Тогда Джейкоб сел и увидел, как по дороге в раннем утреннем свете идет с ружьем поджарый итальянский охотник, и все, что он знал о Парфеноне, вернулось к нему в мгновение ока.
«Вот это да! — сообразил он. — Мы же почти приехали!» И он высунулся из окна, и воздух что есть мочи ударил ему в лицо.
Очень противно, когда двум с лишним десяткам твоих знакомых ничего не стоит с места в карьер сказать что-нибудь существенное о пребывании в Греции, а ты, оказавшись там, решительно никаких чувств не испытываешь. Потому что, умывшись в отеле в Патрах, Джейкоб прошел около мили вдоль трамвайных путей, а затем так же вдоль трамвайных путей вернулся обратно; навстречу ему попадались индюшечьи стаи, вереницы осликов; потом он заблудился на каких-то задворках; ознакомился с рекламой корсетов и консоме Магги; дети наступали ему на ноги; в городе пахло протухшим сыром; и он обрадовался, когда внезапно вышел прямо к своему отелю. Там среди кофейных чашечек лежала старая «Дейли мейл»; он ее прочитал. А чем заняться после обеда?

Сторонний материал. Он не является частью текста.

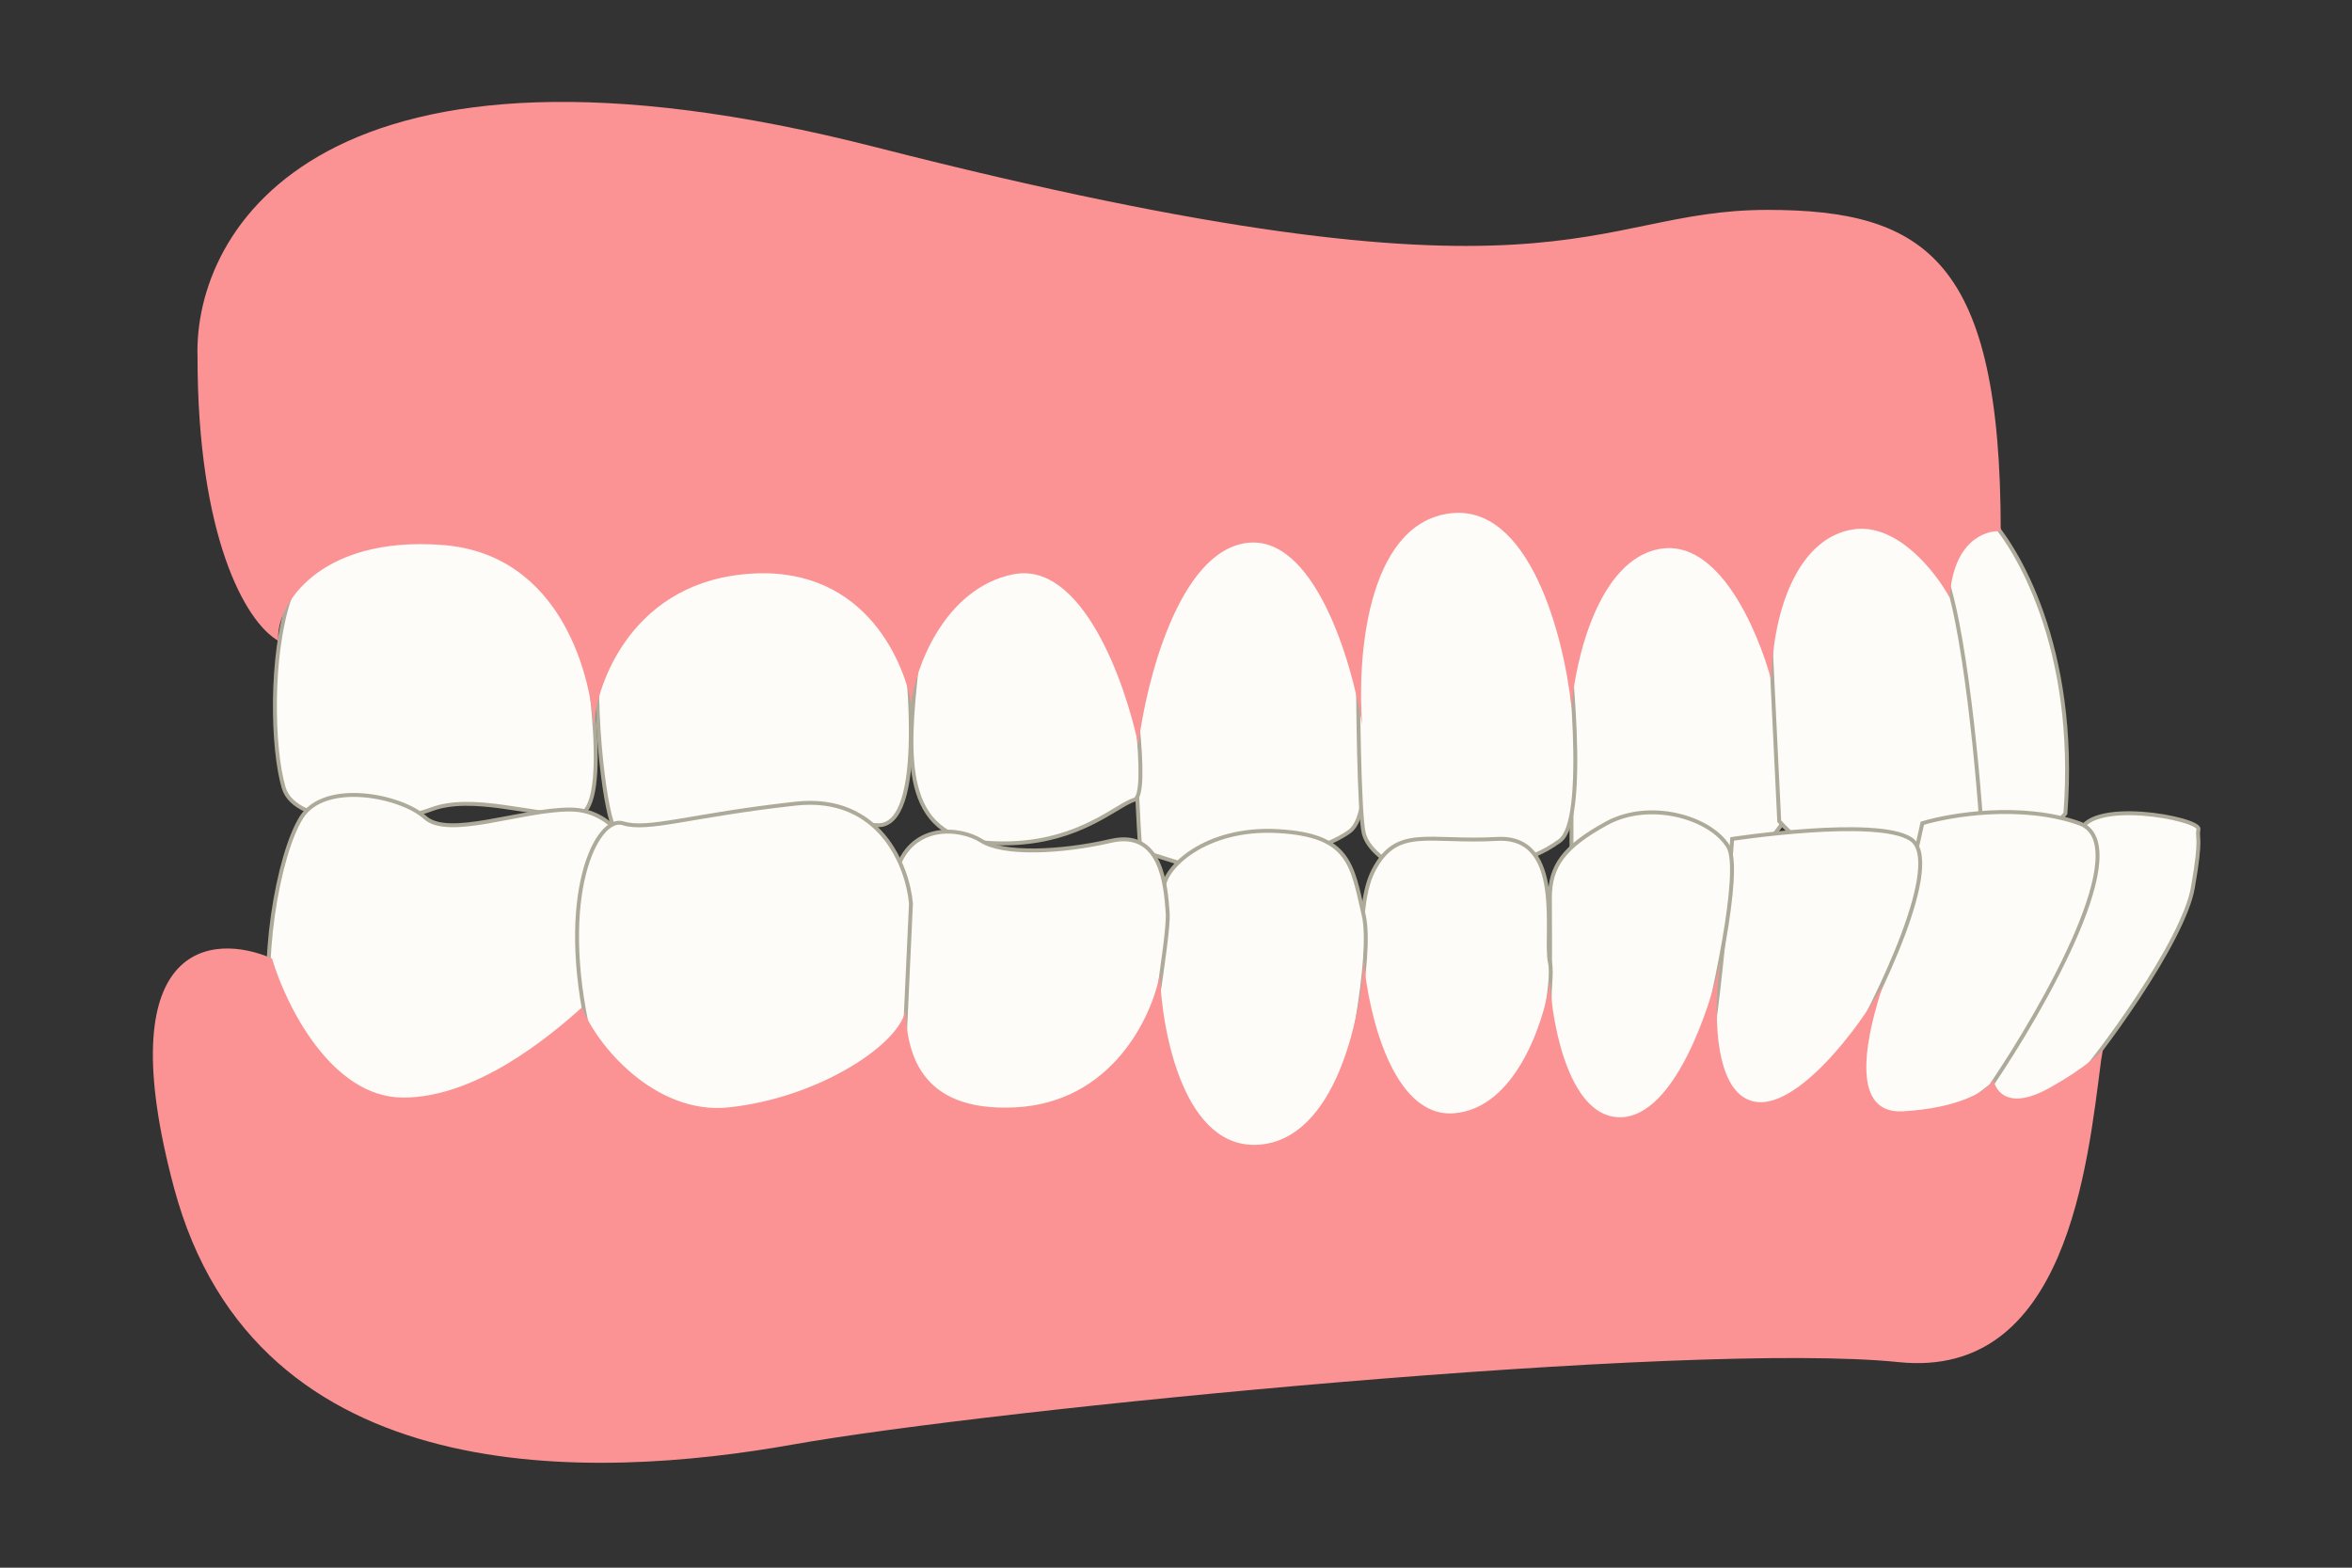 <?xml version="1.0" encoding="UTF-8"?> <svg xmlns="http://www.w3.org/2000/svg" width="600" height="400" viewBox="0 0 600 400" fill="none"><rect x="0" y="0" width="600" height="400" fill="#333333" stroke="none"/><path d="M223.888 210.554C236.288 210.954 232.388 170.054 228.888 149.554L209.889 132.554C192.055 132.387 155.788 136.754 153.388 155.554C150.388 179.054 154.388 206.554 156.388 210.554C158.388 214.554 167.888 210.554 187.888 207.554C207.888 204.554 208.388 210.054 223.888 210.554Z" fill="#FDFCF8" stroke="#AEAA9A"></path><path d="M344.389 212.054C351.189 206.854 347.222 176.22 344.389 161.554L339.389 142.554L326.389 134.554H298.889C297.222 139.554 293.289 151.954 290.889 161.554C288.489 171.154 289.889 202.554 290.889 217.054L309.889 223.054C318.555 221.554 337.589 217.254 344.389 212.054Z" fill="#FDFCF8" stroke="#AEAA9A"></path><path d="M452.889 176.554C452.889 166.954 446.222 149.554 442.889 142.054L430.389 135.054L403.889 144.054L400.889 166.554V221.554L441.889 227.054L454.389 210.554C453.889 203.22 452.889 186.154 452.889 176.554Z" fill="#FDFCF8" stroke="#AEAA9A"></path><path d="M504.389 209.554C517.589 179.954 500.889 150.22 490.889 139.054L480.889 130.054L451.389 138.054C451.222 141.387 450.989 150.054 451.389 158.054C451.789 166.054 453.222 195.72 453.889 209.554C465.222 221.887 491.189 239.154 504.389 209.554Z" fill="#FDFCF8" stroke="#AEAA9A"></path><path d="M526.889 207.554C530.089 165.554 514.556 139.054 506.389 131.054L505.389 126.554C498.556 130.387 486.489 138.754 492.889 141.554C499.289 144.354 503.889 188.054 505.389 209.554L520.889 214.554L526.889 207.554Z" fill="#FDFCF8" stroke="#AEAA9A"></path><path d="M397.889 214.554C405.089 209.354 400.889 167.72 397.889 147.554L390.889 132.554L371.889 122.554L349.389 132.554L346.389 164.554C346.389 178.387 346.689 207.354 347.889 212.554C349.389 219.054 361.889 226.054 371.889 223.054C381.889 220.054 388.889 221.054 397.889 214.554Z" fill="#FDFCF8" stroke="#AEAA9A"></path><path d="M289.389 204.054C293.389 202.854 288.722 170.554 285.889 154.554L268.389 136.054H233.889C234.722 139.72 235.889 151.654 233.889 170.054C231.389 193.054 229.889 213.554 251.889 215.054C273.889 216.554 284.389 205.554 289.389 204.054Z" fill="#FDFCF8" stroke="#AEAA9A"></path><path d="M146.889 208.054C156.089 208.054 150.722 170.054 146.889 151.054L131.889 138.054L93.889 133.054C88.889 134.72 77.889 140.954 73.889 152.554C68.889 167.054 69.389 191.054 72.389 201.054C75.389 211.054 99.389 210.554 109.889 206.554C120.389 202.554 135.389 208.054 146.889 208.054Z" fill="#FDFCF8" stroke="#AEAA9A"></path><path d="M50.389 91.054C49.389 58.22 82.589 1.554 223.389 37.554C399.389 82.554 404.529 53.554 450.889 53.554C491.389 53.554 510.389 66.554 510.389 135.554C506.389 135.22 498.189 138.154 497.389 152.554C493.889 146.054 484.089 133.454 472.889 135.054C459.222 137.006 452.226 154.682 451.901 173.662C448.258 160.259 438.262 137.384 423.389 140.054C407.789 142.854 401.889 168.22 400.889 180.554C399.055 162.72 390.189 127.854 369.389 131.054C348.589 134.254 346.167 168.167 347.5 185C344.833 168.333 335.089 136.154 317.889 138.554C300.689 140.954 292.389 173.887 290.389 190.054C287.055 174.054 275.989 142.954 258.389 146.554C240.789 150.154 233.333 170.833 232.5 179.5C230.333 168 219.789 143.354 189.389 146.554C159.878 149.66 151.487 176.526 151.478 186.176C151.489 186.461 151.496 186.736 151.5 187C151.485 186.742 151.478 186.466 151.478 186.176C151.011 173.818 143.775 141.399 112.889 139.054C81.289 136.654 70.167 154.667 71 163.5C62.5 158.667 50.389 136.654 50.389 91.054Z" fill="#FB9394"></path><path d="M168.389 231.554C172.389 241.154 154.722 266.554 145.389 278.054L140.889 286.554L76.889 282.054C75.889 281.387 73.089 276.754 69.889 263.554C65.889 247.054 70.889 218.054 76.889 208.554C82.889 199.054 102.389 203.054 108.389 208.554C114.389 214.054 132.889 206.554 145.389 206.554C157.889 206.554 163.389 219.554 168.389 231.554Z" fill="#FDFCF8" stroke="#AEAA9A"></path><path d="M559.389 226.554C556.989 240.154 535.722 269.387 526.889 279.054L508.889 293.054L505.389 279.054C505.889 278.054 509.289 272.354 518.889 257.554C528.489 242.754 528.662 222.887 530.329 213.054C531.996 203.22 561.329 208.887 560.829 211.554C560.329 214.22 561.789 212.954 559.389 226.554Z" fill="#FDFCF8" stroke="#AEAA9A"></path><path d="M530.389 210.054C545.189 215.254 521.555 256.887 507.889 277.054L492.389 289.054L470.889 285.054C469.389 282.387 467.889 274.554 473.889 264.554C479.889 254.554 487.389 224.054 490.389 210.054C497.555 207.887 515.589 204.854 530.389 210.054Z" fill="#FDFCF8" stroke="#AEAA9A"></path><path d="M487.388 214.054C496.188 219.654 479.388 254.387 469.888 271.054L467.888 284.554C455.222 283.887 430.788 280.954 434.388 274.554C437.988 268.154 441.888 214.054 441.888 214.054C441.888 214.054 478.588 208.454 487.388 214.054Z" fill="#FDFCF8" stroke="#AEAA9A"></path><path d="M440.888 216.054C444.488 222.054 437.055 255.554 432.888 271.554L430.889 291.554L409.888 288.054C403.555 284.554 391.388 277.554 393.388 277.554C395.888 277.554 395.388 237.054 395.388 229.054C395.388 221.054 398.888 216.054 409.888 210.054C420.888 204.054 436.388 208.554 440.888 216.054Z" fill="#FDFCF8" stroke="#AEAA9A"></path><path d="M395.389 245.554C396.589 250.754 392.555 268.72 389.888 276.554V293.554H358.389C355.055 287.22 348.488 273.154 348.888 267.554C349.388 260.554 344.388 233.554 350.388 222.054C356.388 210.554 364.388 215.054 381.888 214.054C399.388 213.054 393.889 239.054 395.389 245.554Z" fill="#FDFCF8" stroke="#AEAA9A"></path><path d="M347.889 233.554C350.289 243.954 343.889 274.554 340.389 288.554V302.554H308.389C302.389 291.387 290.889 268.954 292.889 268.554C295.389 268.054 296.889 231.554 296.889 226.554C296.889 221.554 307.389 211.054 325.889 212.054C344.389 213.054 344.889 220.554 347.889 233.554Z" fill="#FDFCF8" stroke="#AEAA9A"></path><path d="M297.889 233.054C298.289 238.654 292.389 273.72 289.389 290.554H241.389L226.889 276.054C226.222 261.72 225.689 230.754 228.889 221.554C232.889 210.054 244.889 211.054 250.389 214.554C255.889 218.054 270.389 217.554 283.389 214.554C296.354 211.562 297.383 225.976 297.884 232.997L297.889 233.054Z" fill="#FDFCF8" stroke="#AEAA9A"></path><path d="M202.889 205.054C224.489 202.654 231.556 221.054 232.389 230.554L229.889 284.554L184.389 302.554C175.889 302.054 157.189 293.754 150.389 264.554C141.889 228.054 152.389 208.054 158.889 210.054C165.389 212.054 175.889 208.054 202.889 205.054Z" fill="#FDFCF8" stroke="#AEAA9A"></path><path d="M536 270.5C532.5 297.5 527.189 351.954 484.389 347.554C430.889 342.054 252.889 359.554 202.389 368.554C151.889 377.554 65.389 381.554 44.389 303.054C27.589 240.254 54.055 237.887 69.389 244.554C72.889 256.387 84.489 280.054 102.889 280.054C121.289 280.054 139.833 264.833 148.5 257C152 266.5 167.089 284.554 185.889 282.554C209.389 280.054 230 266 231 257.5C231.333 267.833 234.089 283.754 258.889 282.554C283.689 281.354 293.889 259.387 295.889 248.554C296.389 263.72 302.189 293.654 321.389 292.054C340.589 290.454 347.055 260.054 347.889 245.054C349.055 258.554 355.289 285.254 370.889 284.054C386.489 282.854 393.722 261.22 395.389 250.554C396.055 262.387 400.689 285.854 413.889 285.054C427.089 284.254 436.055 258.054 438.889 245.054C437.222 256.054 436.589 278.654 447.389 281.054C458.189 283.454 474.5 262.167 480.5 251C476.667 262.333 470.989 284.354 485.389 283.554C499.789 282.754 507 278.333 508.5 275.5C509.333 279 512.889 283.154 522.889 277.554C532.23 272.323 536.142 268.383 536.481 267.615L536.5 267.5C536.511 267.522 536.505 267.56 536.481 267.615L536 270.5Z" fill="#FB9394"></path></svg>

Несомненно, в целом нам было бы гораздо хуже, чем теперь, не будь у нас этой удивительной способности к иллюзиям. Лет в двенадцать или около того, когда куклы заброшены, а паровозики переломаны, Франция, а еще вероятнее, Италия, а уж Индия почти наверняка, поражает наше воспаленное воображение. Тетушки бывали в Риме, и у всех, разумеется, есть дядя, последние вести о котором — вот бедняга! — дошли из Рангуна. Он теперь не приедет никогда. Но миф о Греции начинают гувернантки. Посмотри, что за голова (говорят они), видишь, нос прямой как стрела, кудри, брови — все такое мужественное, красивое, а на ногах и на руках у него линии, которые означают высшую ступень развития, — ведь для древних греков тело было не менее важно, чем лицо. А еще древние греки умели так писать фрукты, что птицы пытались их клевать. Сначала читаешь Ксенофонта, потом Еврипида. И однажды — господи, какое это было событие! — все, о чем ты раньше слышал, наполняется для тебя смыслом, «греческий дух», греческое то, другое, третье; хотя, конечно, просто нелепо полагать, будто кто-нибудь из древних греков может сравниться с Шекспиром. Суть, однако, в том, что мы получаем воспитание, основанное на иллюзиях.
Джейкоб, несомненно, думал что-то подобное, держа в руке скомканную «Дейли мейл», вытянув ноги, являя собой олицетворение скуки.
«Но так нас воспитывают», — продолжал думать он.
И все это показалось ему омерзительным. Следовало что-то с этим делать. И если сперва у него было просто подавленное настроение, то теперь он затосковал так, как тоскуют смертники. Клара Даррант бросила его тогда на вечере и стала разговаривать с американцем по имени Пилчард. А он зачем-то уехал в Грецию и бросил ее. Там у них все были в вечерних туалетах и несли чушь — боже, какую страшную чушь, — и он потянулся к «Глоб троттеру», международному журналу, который владельцы отелей получают бесплатно.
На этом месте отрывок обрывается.